Scott Carney ’18/ Emertainment Monthly Staff Writer
Fifty Shades Darker…. What is there really to say? Everyone going to see this movie is either a fan of the steamy sex scenes from El James’s Twilight fan fiction turned bestselling novels or the hokey dialogue that is good for a laugh. The major problem of the first film was that it didn’t quite go all the way with either factors leaving a film that, instead of being overly sexy or humorous, was just plain boring. Darker, while a slight improvement over its precursor, still suffers from the same faults.
This film picks up where the first film left off with billionaire Christian Grey (Jamie Dornan) attempting to woo back his lover, professional lip biter Anastasia Steele (Dakota Johnson). Despite Christian’s creepy possessive behavior towards her, Anastasia chooses to return to him because, well, he’s hot. From there, the two encounter various obstacles to their relationship, including Anastasia’s lustful boss (Eric Johnson), a former lover of Grey’s now stalking Anastasia (Bella Heathcoate), and Grey himself who struggles to move past his abusive sexual desires and have a normal, loving relationship. Oh, and the plot also involves a helicopter crash, a birthday party, and Christian’s mother’s friend (Kim Basinger) who molested him as a teen and also wants to sabotage him and Anastasia’s relationship. All of these various plots leave the film feeling overstuffed. The conclusions of the majority of these storylines don’t really matter to the arcs of the two leads. Still, it is hard to criticize the film for these plots since it seems they are all lifted from the source material. The filmmakers probably did the best they could with what they had. However, this series did not become a phenomenon based on its plotting, so how are the scenes that drew people to this series in the first place? Like the first film, the sex scenes are kinky but also relatively tame considering the book series prided itself on its graphic sexual content. Thus, the whole idea of a film adaptation seems a little counterproductive since it’s toning down what made it so popular.

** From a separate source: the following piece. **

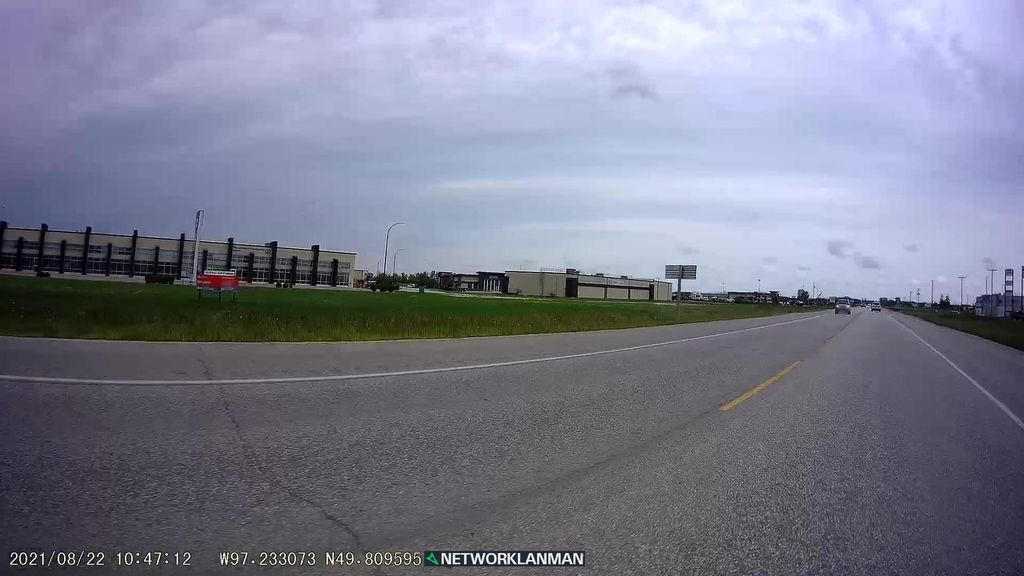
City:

With that being said, this film does have a few strong points, or at the very least points that make it better than its predecessor. For starters, those who want to watch the film ironically should find much more unintentional comedy in this one, whether it be the plot points that come out of left field or the single repetitive traits of the characters. For example, Marcia Gay Harden plays Christian’s mother who does nothing but praise what a wonderful person Anastasia is in every scene, regardless of the context. However, the film also surprisingly has some moments that are genuinely funny, mainly because this one is more self-aware and does not take itself quite as seriously as the first one did, a smart decision by director James Foley. The acting has also improved. Dornan, stiff as can be in the first film, seems more comfortable as Christian Grey this time around and gives a much more believable performance. Johnson also makes the most of her role, at times providing some genuine human emotion to a character that is mostly written as a mindless drone lacking common sense. Christian Grey’s past and damaged psyche, although not developed as fully as they could be, also provides much more interesting material than anything that has previously been covered in this series.
Still, at the end of the day, this is a Fifty Shades movie and even the stuff that’s good is mainly just in comparison with the first film. Definitely an improvement, but I suspect the majority of audience members will leave feeling unsatisfied.